§ **EXERCISE INPUT**
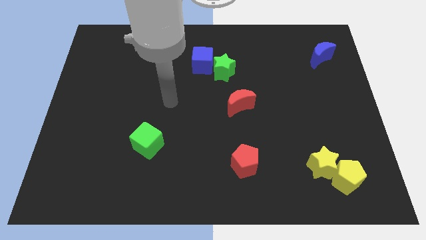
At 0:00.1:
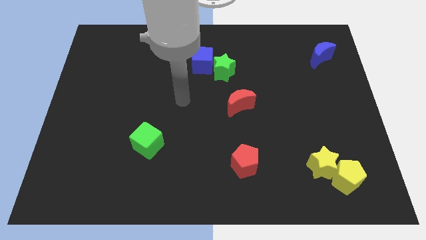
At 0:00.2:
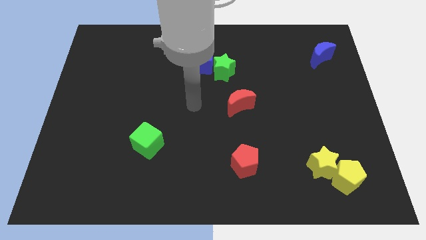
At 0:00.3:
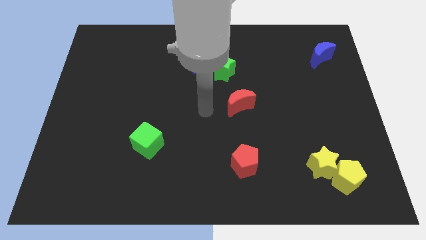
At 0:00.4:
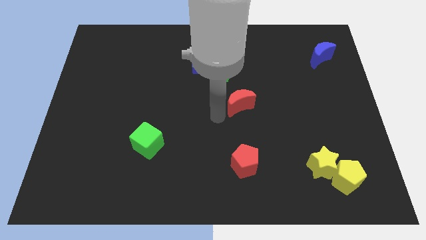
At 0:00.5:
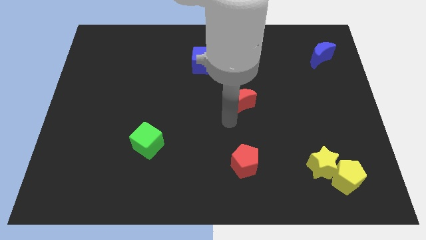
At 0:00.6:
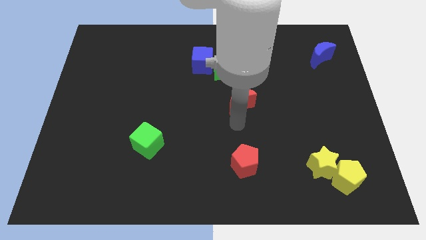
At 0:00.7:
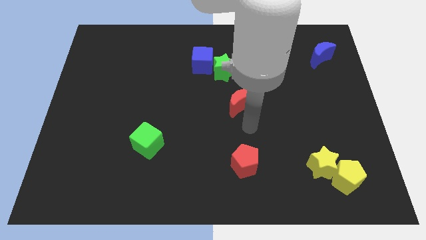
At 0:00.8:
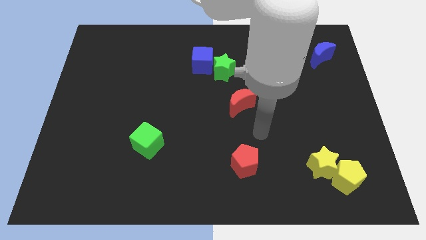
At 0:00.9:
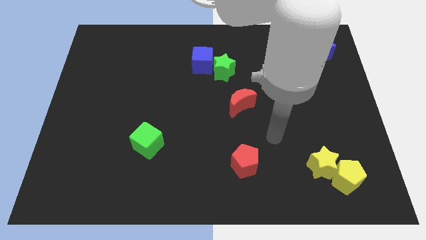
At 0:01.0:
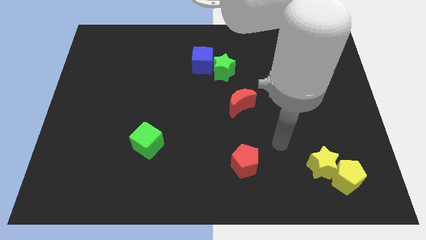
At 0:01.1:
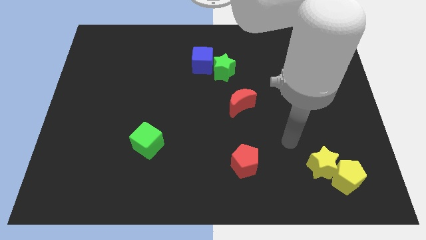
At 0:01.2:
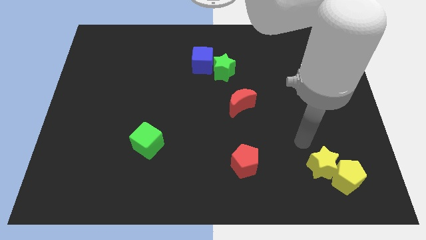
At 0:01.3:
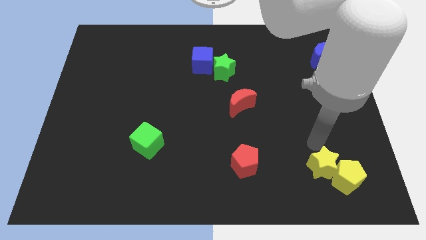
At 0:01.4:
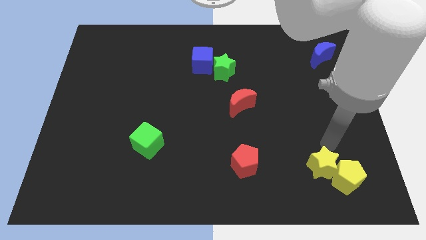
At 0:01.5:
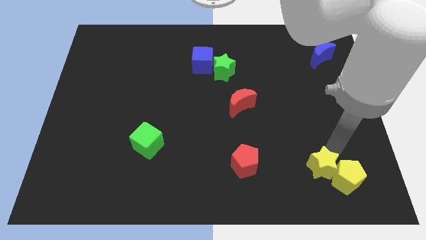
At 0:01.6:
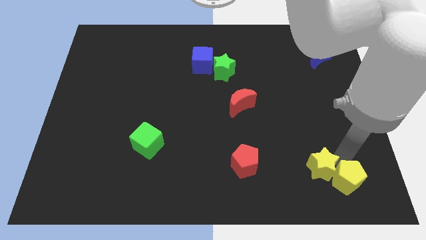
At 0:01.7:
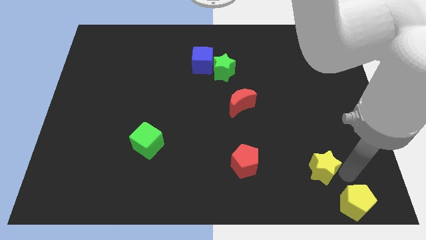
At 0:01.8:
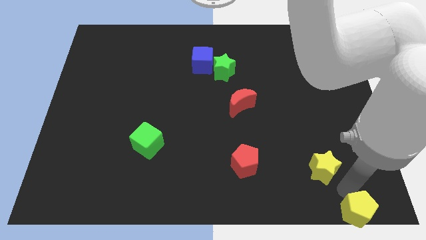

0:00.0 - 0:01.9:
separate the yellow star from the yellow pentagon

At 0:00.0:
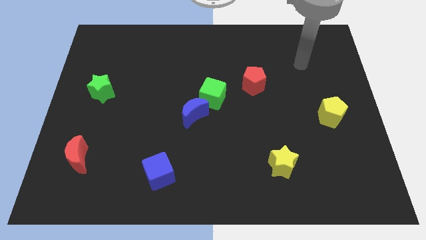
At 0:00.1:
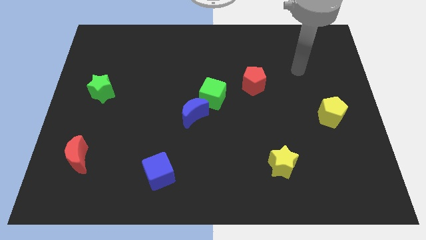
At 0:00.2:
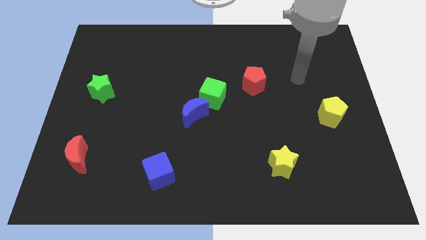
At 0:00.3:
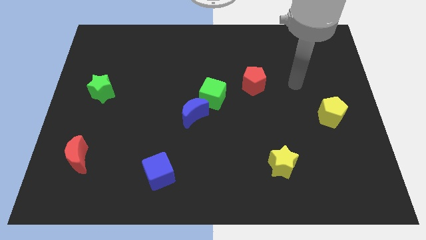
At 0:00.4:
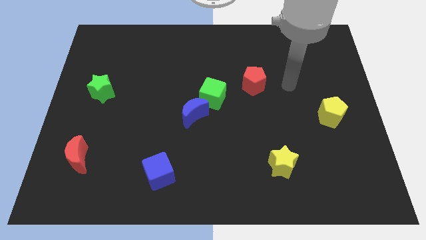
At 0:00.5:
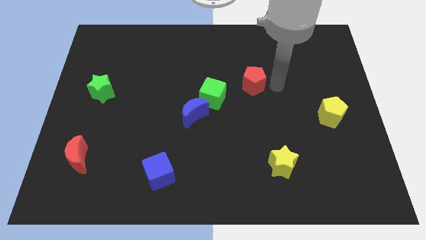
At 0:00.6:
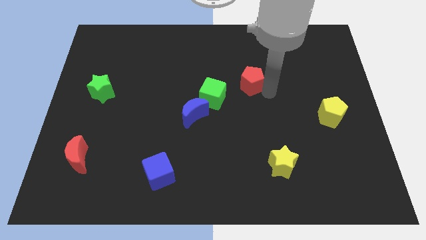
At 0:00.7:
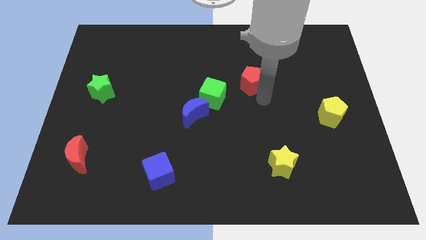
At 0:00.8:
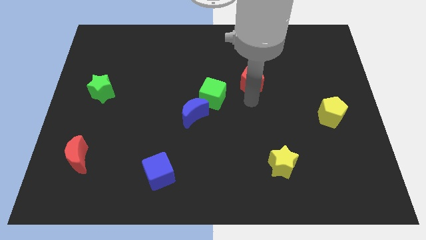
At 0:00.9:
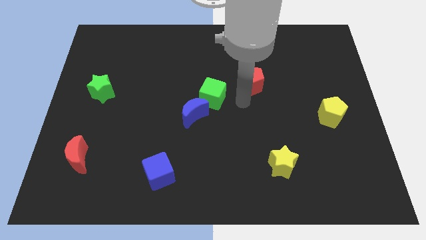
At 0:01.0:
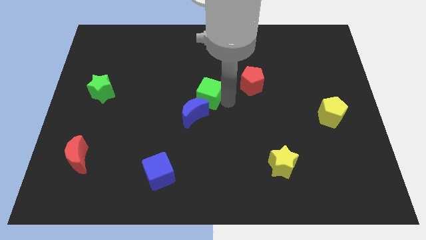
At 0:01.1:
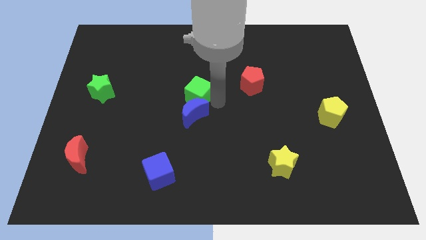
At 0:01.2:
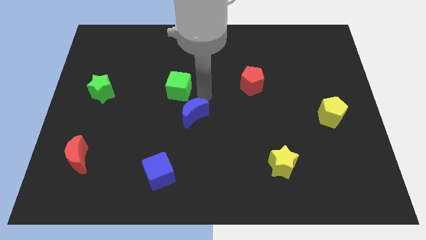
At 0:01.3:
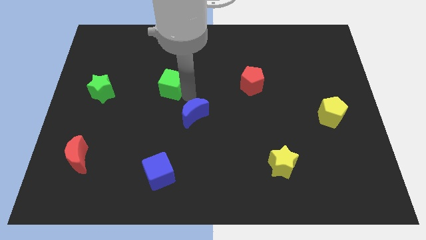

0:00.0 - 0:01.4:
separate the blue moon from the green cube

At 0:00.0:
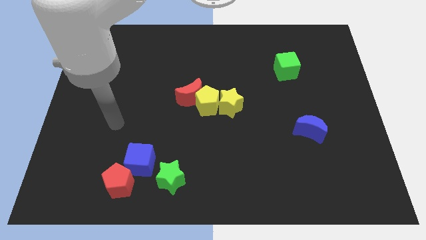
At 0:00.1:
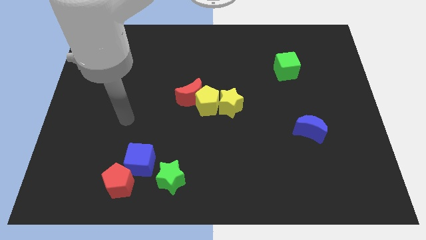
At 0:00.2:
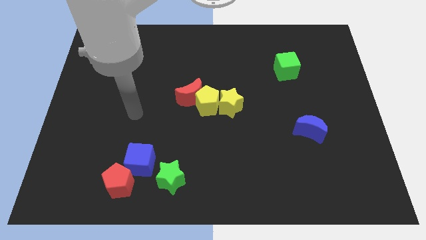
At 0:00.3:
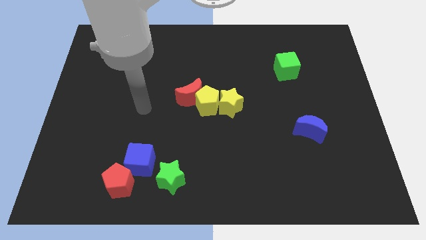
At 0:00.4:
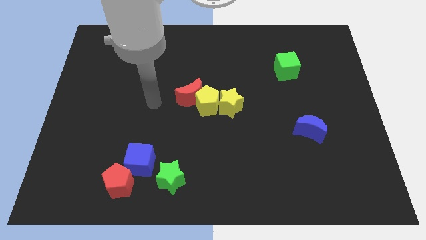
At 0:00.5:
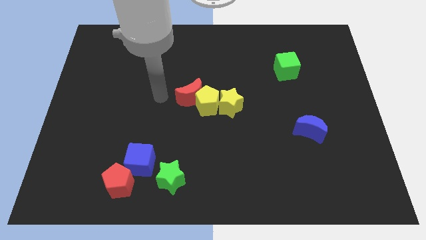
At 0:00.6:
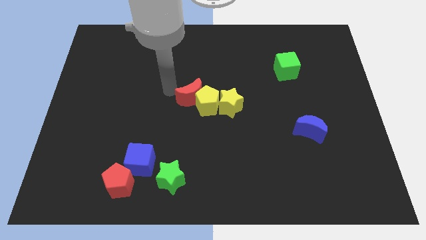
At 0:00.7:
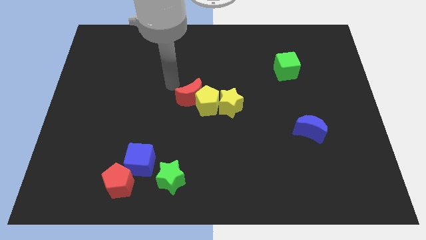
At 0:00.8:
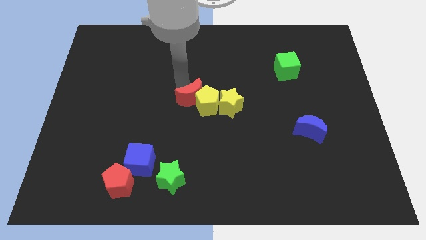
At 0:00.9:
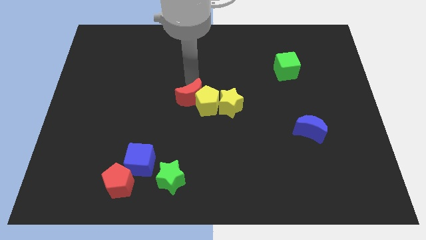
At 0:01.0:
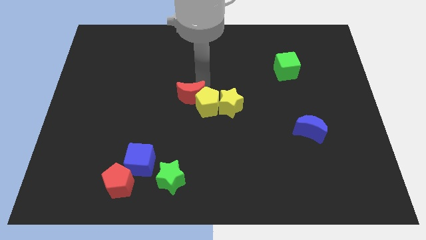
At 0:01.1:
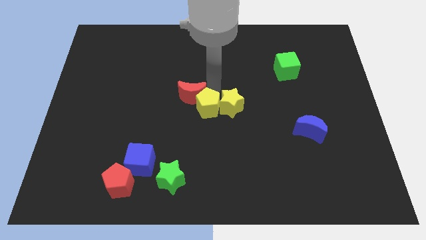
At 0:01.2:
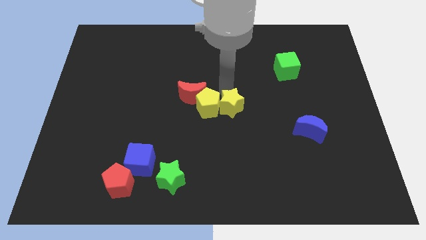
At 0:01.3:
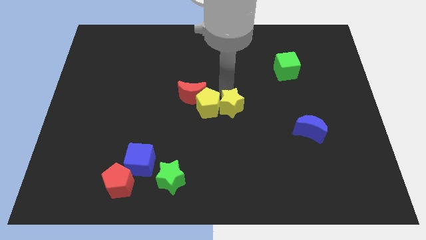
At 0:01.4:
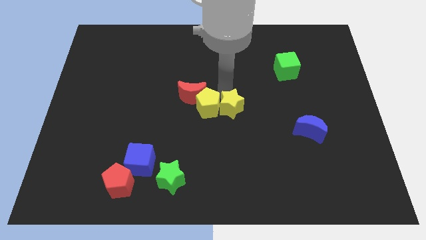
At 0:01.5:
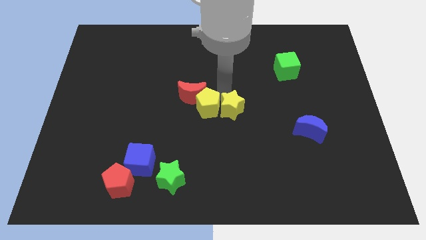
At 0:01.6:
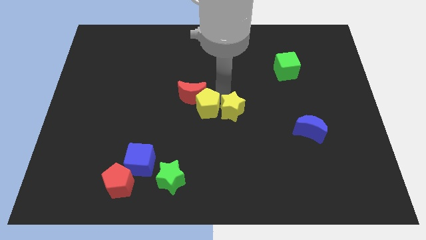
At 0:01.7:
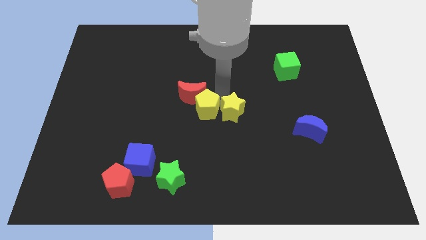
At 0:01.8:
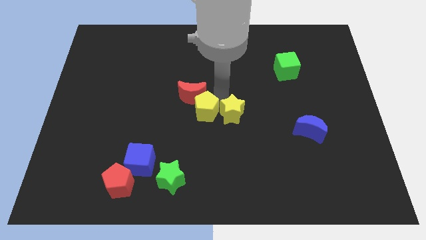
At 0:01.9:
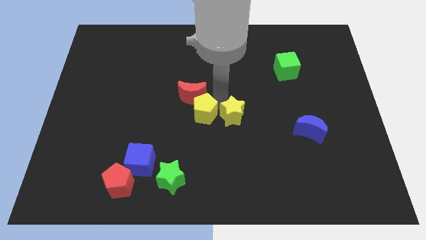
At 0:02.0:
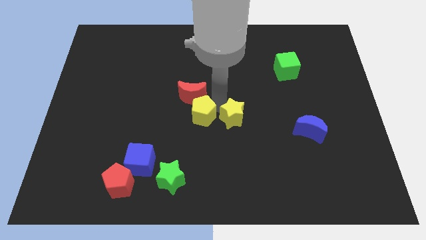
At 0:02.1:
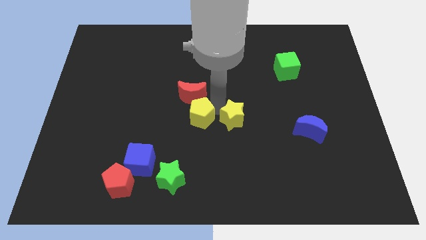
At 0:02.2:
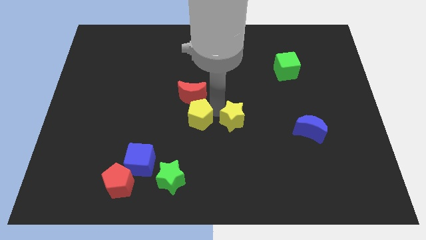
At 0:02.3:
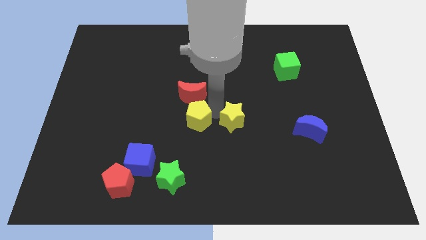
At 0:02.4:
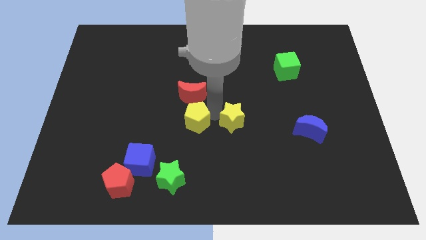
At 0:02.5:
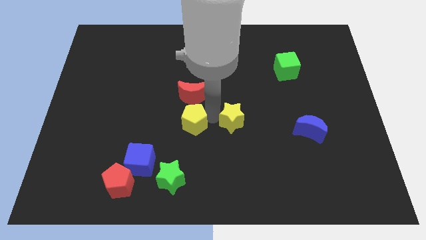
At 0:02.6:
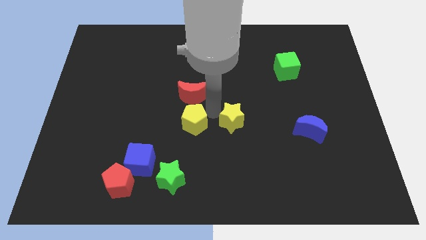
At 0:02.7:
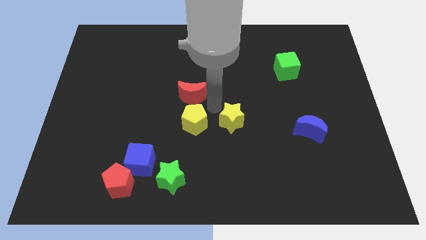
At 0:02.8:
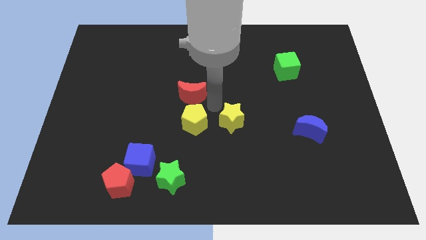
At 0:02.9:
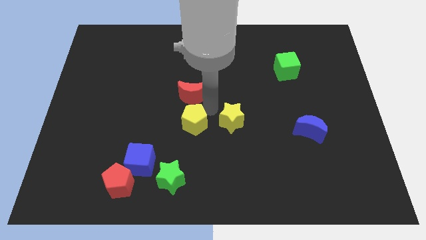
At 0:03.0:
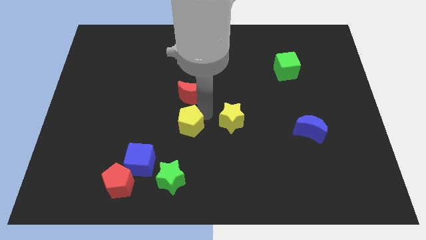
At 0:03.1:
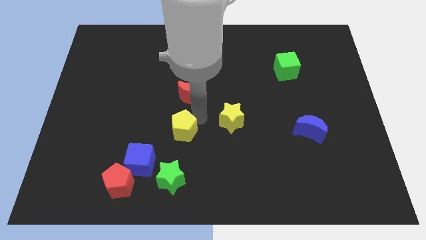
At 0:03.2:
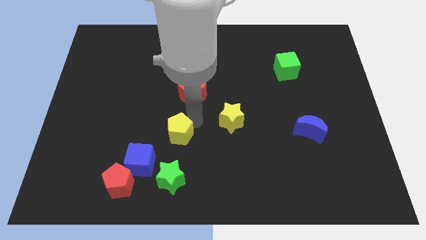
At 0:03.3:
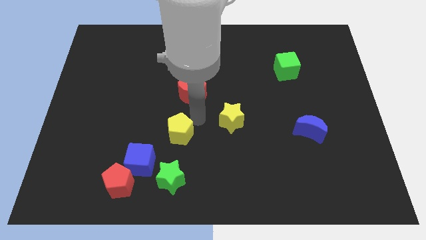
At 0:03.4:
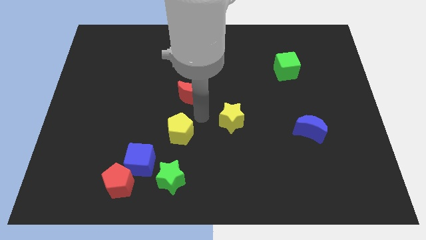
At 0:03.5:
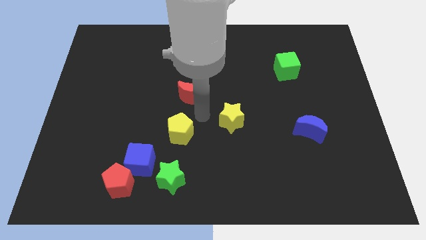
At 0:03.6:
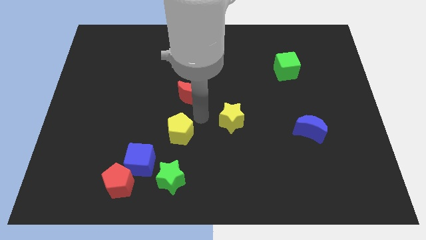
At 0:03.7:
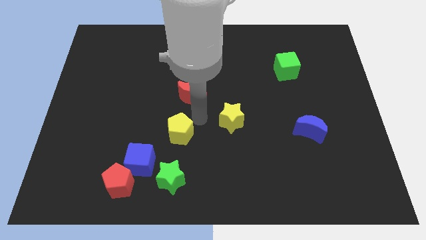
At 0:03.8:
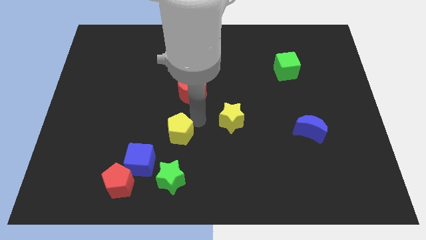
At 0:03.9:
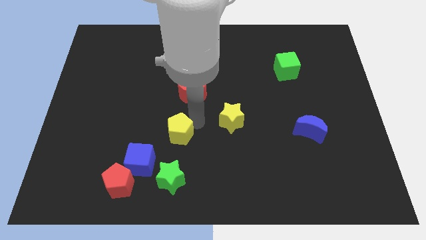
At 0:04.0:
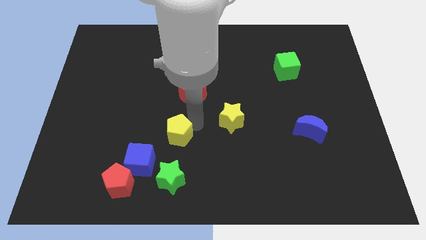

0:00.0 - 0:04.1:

§ **AIM OF THE TASK**
Everything above except the pictures must be restated exactly.

§ **RESPONSE BELOW**
At 0:00.1:
At 0:00.2:
At 0:00.3:
At 0:00.4:
At 0:00.5:
At 0:00.6:
At 0:00.7:
At 0:00.8:
At 0:00.9:
At 0:01.0:
At 0:01.1:
At 0:01.2:
At 0:01.3:
At 0:01.4:
At 0:01.5:
At 0:01.6:
At 0:01.7:
At 0:01.8:

0:00.0 - 0:01.9:
separate the yellow star from the yellow pentagon

At 0:00.0:
At 0:00.1:
At 0:00.2:
At 0:00.3:
At 0:00.4:
At 0:00.5:
At 0:00.6:
At 0:00.7:
At 0:00.8:
At 0:00.9:
At 0:01.0:
At 0:01.1:
At 0:01.2:
At 0:01.3:

0:00.0 - 0:01.4:
separate the blue moon from the green cube

At 0:00.0:
At 0:00.1:
At 0:00.2:
At 0:00.3:
At 0:00.4:
At 0:00.5:
At 0:00.6:
At 0:00.7:
At 0:00.8:
At 0:00.9:
At 0:01.0:
At 0:01.1:
At 0:01.2:
At 0:01.3:
At 0:01.4:
At 0:01.5:
At 0:01.6:
At 0:01.7:
At 0:01.8:
At 0:01.9:
At 0:02.0:
At 0:02.1:
At 0:02.2:
At 0:02.3:
At 0:02.4:
At 0:02.5:
At 0:02.6:
At 0:02.7:
At 0:02.8:
At 0:02.9:
At 0:03.0:
At 0:03.1:
At 0:03.2:
At 0:03.3:
At 0:03.4:
At 0:03.5:
At 0:03.6:
At 0:03.7:
At 0:03.8:
At 0:03.9:
At 0:04.0:

0:00.0 - 0:04.1:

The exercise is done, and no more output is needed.